Drive modes (including Sport and fully customizable) let you tailor the car to the moment. Line Lock and Launch Control are there for safe, legal fun. The Brembo brakes inspire confidence. Even with the weight, the car doesn’t feel as ponderous as the numbers suggest on a winding road. It’s planted, modern, and still delivers that Scat Pack grin I remember from my 2015 car — just with better manners.
The Money Question: $69,455 and the Competition
Our loaded Scat Pack Plus 2-door AWD tester came in at $69,455 including destination. That’s real money. The base Scat Pack starts closer to $55,000–$57,000, so our car had the full Customer Preferred Package, the glass roof, the premium audio, HUD, ventilated seats, and those 20-inch wheels.
Is it worth it? Depends on what you value.

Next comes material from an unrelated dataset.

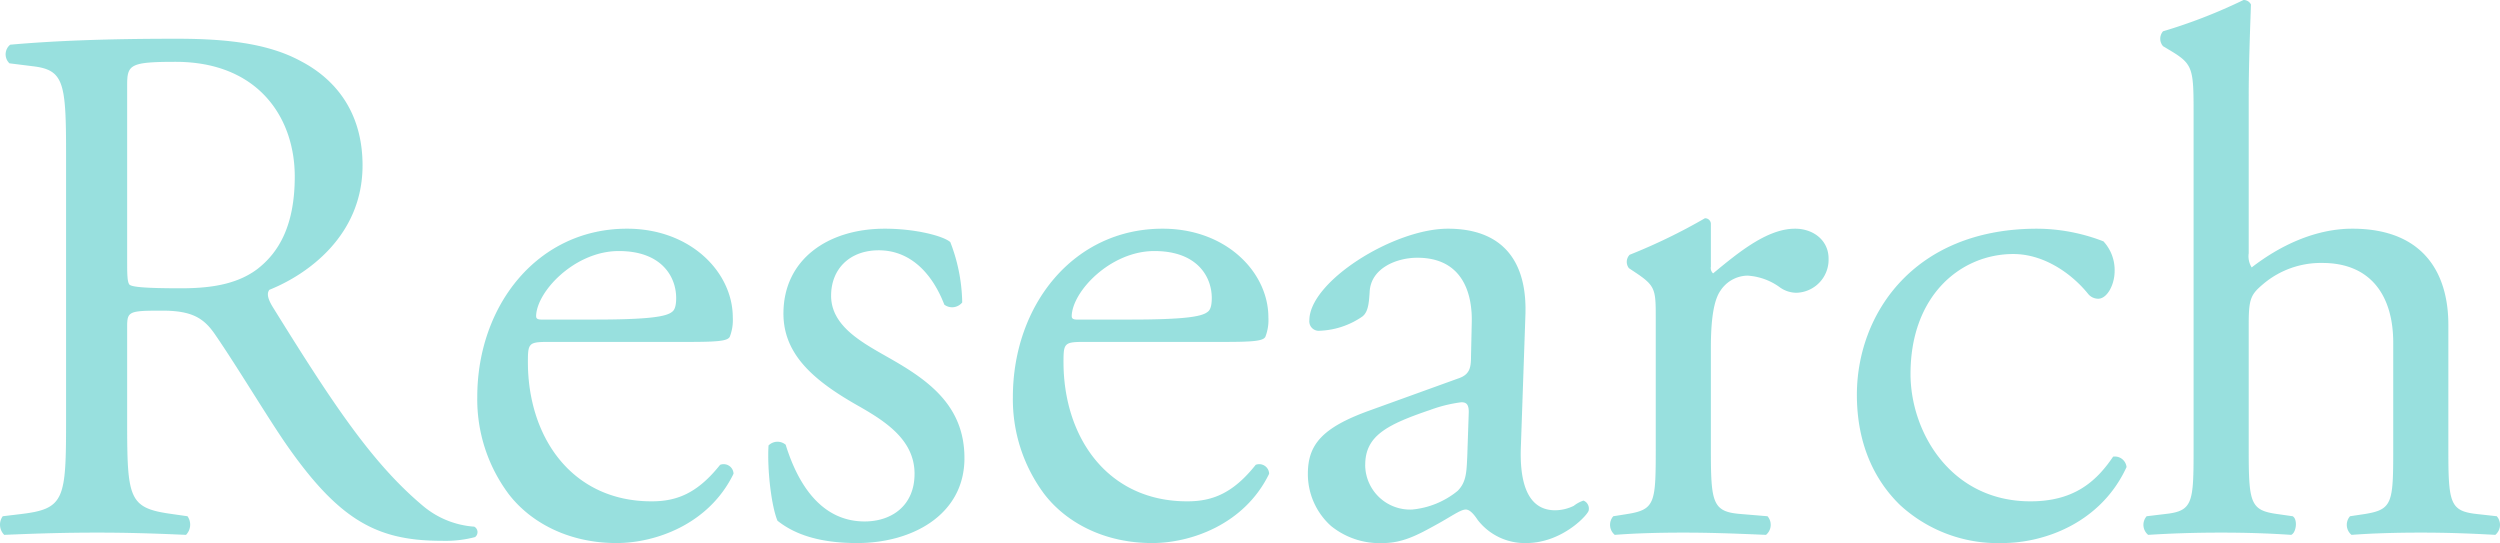 <svg xmlns="http://www.w3.org/2000/svg" width="335.602" height="72.911" viewBox="0 0 335.602 72.911"><defs><style>.a{fill:#7fd8d6;fill-opacity:0.8;fill-rule:evenodd;}</style></defs><path class="a" d="M8.857,56.52c0,10.5-.2,11.8-6,12.5l-2.5.3a1.927,1.927,0,0,0,.2,2.5c4.7-.2,8.3-.3,12.5-.3,4,0,7.4.1,11.9.3a1.956,1.956,0,0,0,.2-2.5l-2.1-.3c-5.8-.8-6-2-6-12.5V43.92c0-2.1.2-2.2,4.7-2.2,4,0,5.6,1,7.1,3.2,3.1,4.5,7.2,11.4,9.8,15.1,7.1,10.1,12.2,12.6,20.7,12.6a15.578,15.578,0,0,0,4.4-.5.836.836,0,0,0-.1-1.4,11.972,11.972,0,0,1-6.9-2.8c-6.8-5.7-12.1-13.7-20.1-26.6-.5-.8-1-1.8-.5-2.4,5-2,12.5-7.2,12.5-16.7,0-7-3.5-11.5-8.3-14-4.6-2.5-10.5-3-16.7-3-9.8,0-16.7.3-22.3.8a1.67,1.67,0,0,0-.239,2.35,1.789,1.789,0,0,0,.139.15l3.2.4c4.1.5,4.4,2.2,4.4,11.7v35.9Zm8.2-45c0-2.8.3-3.2,6.5-3.2,11.1,0,16,7.5,16,15.4,0,6.8-2.3,10.3-5,12.4-2.9,2.2-6.7,2.6-10.3,2.6-5.1,0-6.6-.2-6.9-.5-.3-.4-.3-1.5-.3-3.3V11.52Zm75,34.4c4.2,0,5.6-.1,5.9-.7a6.184,6.184,0,0,0,.4-2.6c0-6-5.6-11.9-14.2-11.9-12,0-20.1,10.3-20.1,22.6a21.233,21.233,0,0,0,4.2,13c2.9,3.8,8,6.6,14.5,6.6,5.2,0,12.4-2.5,15.7-9.3A1.322,1.322,0,0,0,97.1,62.331a1.307,1.307,0,0,0-.446.089c-3.1,3.9-5.9,4.9-9.2,4.9-10.7,0-16.6-8.6-16.6-18.7,0-2.5.1-2.7,2.7-2.7Zm-19.4-3c-.7,0-.7-.3-.7-.5.1-3.3,5.2-8.7,11.1-8.7,5.8,0,7.7,3.5,7.7,6.3,0,1.3-.3,1.7-.6,1.9-.8.6-3,1-10.4,1Zm46.1-12.2c-7.6,0-13.6,4.1-13.6,11.4,0,5.5,4.1,9,9.9,12.3,3.7,2.1,7.7,4.6,7.7,9.2,0,4.3-3.1,6.4-6.7,6.4-5.7,0-8.9-4.8-10.6-10.3a1.7,1.7,0,0,0-2.3.1c-.2,3.3.4,8.2,1.2,10.1,2.5,2,6,3,10.7,3,7.4,0,14.4-3.8,14.4-11.4,0-7.1-4.9-10.5-10.2-13.5-3.5-2-7.7-4.2-7.7-8.3,0-3.6,2.5-6.1,6.4-6.1,4.1,0,7.1,2.9,8.8,7.3a1.741,1.741,0,0,0,2.4-.3,23.353,23.353,0,0,0-1.6-8.1c-.9-.8-4.6-1.8-8.8-1.8Zm45.2,15.2c4.2,0,5.6-.1,5.9-.7a6.184,6.184,0,0,0,.4-2.6c0-6-5.6-11.9-14.2-11.9-12,0-20.1,10.3-20.1,22.6a21.233,21.233,0,0,0,4.2,13c2.9,3.8,8,6.6,14.5,6.6,5.2,0,12.4-2.5,15.7-9.3A1.322,1.322,0,0,0,169,62.331a1.307,1.307,0,0,0-.446.089c-3.1,3.9-5.9,4.9-9.2,4.9-10.7,0-16.6-8.6-16.6-18.7,0-2.5.1-2.7,2.7-2.7Zm-19.4-3c-.7,0-.7-.3-.7-.5.1-3.3,5.2-8.7,11.1-8.7,5.8,0,7.7,3.5,7.7,6.3,0,1.3-.3,1.7-.6,1.9-.8.6-3,1-10.4,1Zm39.3,12.2c-6.4,2.3-8.3,4.6-8.3,8.5a9.359,9.359,0,0,0,3.1,7,10.352,10.352,0,0,0,7,2.3c2.8,0,5-1.3,7.2-2.5,2-1.1,3.2-2,3.9-2,.6,0,1.2.8,1.6,1.4a7.979,7.979,0,0,0,6.5,3.1c4.9,0,8.4-3.9,8.4-4.4a1.151,1.151,0,0,0-.7-1.3,4.219,4.219,0,0,0-1.3.7,5.754,5.754,0,0,1-2.5.6c-3.9,0-4.8-4.1-4.6-8.7l.6-17.4c.3-7.5-3.2-11.7-10.4-11.7-7.3,0-18.6,7.1-18.6,12.3a1.265,1.265,0,0,0,1.114,1.4,1.243,1.243,0,0,0,.286,0,10.755,10.755,0,0,0,5.7-1.9c.8-.6.9-1.8,1-3.4.2-3.1,3.6-4.5,6.4-4.5,6.2,0,7.4,5,7.3,8.7l-.1,4.6c0,1.5-.2,2.4-1.7,2.9Zm-.6,7.3c0-3.9,2.9-5.4,8.8-7.4a18.844,18.844,0,0,1,4.1-1c.6,0,1,.2,1,1.3l-.2,5.9c-.1,2.1-.1,3.5-1.3,4.7a11.308,11.308,0,0,1-6.1,2.5,6.028,6.028,0,0,1-6.3-5.746c0-.085-.006-.169-.006-.254Zm39-2.1c0,7.2-.1,8.1-3.8,8.7l-1.9.3a1.748,1.748,0,0,0,.163,2.468l.037.032c2.6-.2,5.6-.3,9.2-.3,3.5,0,6.4.1,11.1.3a1.75,1.75,0,0,0,.232-2.463l-.032-.037-3.6-.3c-3.8-.3-4-1.5-4-8.7V46.72c0-3.4.3-6.3,1.3-7.7a4.438,4.438,0,0,1,3.6-2,8.193,8.193,0,0,1,4.4,1.6,3.842,3.842,0,0,0,2.2.7,4.438,4.438,0,0,0,4.3-4.569V34.72c0-2.4-2-4-4.5-4-3.7,0-7.5,3.1-11,6a.958.958,0,0,1-.3-.9v-5.8a.775.775,0,0,0-.8-.7,77.532,77.532,0,0,1-10.1,4.9,1.367,1.367,0,0,0-.1,1.8l.9.6c2.7,1.8,2.7,2.3,2.7,6.2v17.5Zm51.2-29.6c-16.6,0-24.2,11.5-24.2,22.3,0,6.5,2.3,11.4,5.8,14.8a19.38,19.38,0,0,0,13.7,5.1c5.8,0,13.3-2.8,16.7-10.2a1.577,1.577,0,0,0-1.729-1.409l-.071.009c-2.3,3.4-5.3,6-11.1,6-10.7,0-16.1-9.3-16.1-17.1,0-10.6,6.8-16.1,13.8-16.1,4.1,0,7.8,2.6,10,5.3a1.745,1.745,0,0,0,1.4.7c1.2,0,2.2-1.9,2.2-3.7a5.666,5.666,0,0,0-1.5-4,24.93,24.93,0,0,0-8.9-1.7Zm21,29.6c0,7.2-.1,8.3-3.8,8.7l-2.5.3a1.748,1.748,0,0,0,.163,2.468l.037.032c3.2-.2,6.2-.3,9.8-.3,3.5,0,6.4.1,9.4.3.7-.3.9-2.1.2-2.5l-2.1-.3c-3.6-.5-3.8-1.5-3.8-8.7V43.52c0-3.5.3-4,2.1-5.5a11.974,11.974,0,0,1,7.8-2.7c6.4,0,9.5,4.3,9.5,10.7v14.3c0,7.2-.1,8.1-3.8,8.7l-2,.3a1.748,1.748,0,0,0,.163,2.468l.037.032c2.7-.2,5.7-.3,9.3-.3,3.5,0,6.4.1,10,.3a1.75,1.75,0,0,0,.232-2.463l-.032-.037-2.7-.3c-3.6-.4-3.8-1.5-3.8-8.7V43.62c0-7-3.4-12.9-12.9-12.9-5.1,0-9.9,2.4-13.5,5.2a2.8,2.8,0,0,1-.4-1.9v-21c0-4.4.2-9.4.3-12.4a1.1,1.1,0,0,0-1-.6,70.906,70.906,0,0,1-10.8,4.2,1.521,1.521,0,0,0,0,2l1,.6c3,1.8,3.1,2.4,3.1,8.3v45.2Z" transform="translate(0.012 -0.02)"/></svg>

The obvious competitor is still the Ford Mustang GT. But the comparison feels apples-to-oranges now. The Mustang has gone lighter, sharper, and more track-focused — especially with the available manual. It’s a pure driver’s car. This Charger has grown into something bigger, heavier, and far more usable for real life. Standard AWD, that massive liftback, heated rear seats, and the sheer presence make it feel like a different proposition entirely. If you want to carve corners on a track, the Mustang might still win. If you want muscle attitude that survives Texas commutes, family errands, and occasional road trips, the Charger plays in its own lane.
The electric Daytona Scat Pack starts around $62k–$64k before options, but that’s a different animal altogether. For those who still want internal combustion and that unmistakable exhaust note, the gas Scat Pack makes its case.
Final Thoughts: It Grew Up Without Losing Its Soul
After a full week, my verdict is simple: I like this car. A lot.
It’s not the raw, tire-shredding brute my 2015 Scat Pack was. It’s better mannered, more technologically advanced, and way more practical for everyday Texas life. The twin-turbo six delivers the power and the grin without the thirst of the old V8. The liftback and AWD make it genuinely useful. The interior tech is excellent. And that Peel Out paint still makes me smile every time I walk up to it.
Would I buy one? If the numbers worked for a family of six and our road-trip lifestyle, I’d seriously consider it. It’s expensive in this specification, but you get a lot of car — power, features, usability, and that Scat Pack badge that still means something.
Dodge has teased a smaller, more focused Challenger coming soon. That makes sense. Let the Charger be the big, roomy, livable GT-style muscle car while the Challenger chases pure driving thrills. This new Charger feels like it’s found its lane.
If you’re in the market for modern muscle that balances attitude with real-world livability, put the 2026 Dodge Charger Scat Pack on your test-drive list. It grew up. But it didn’t sell out.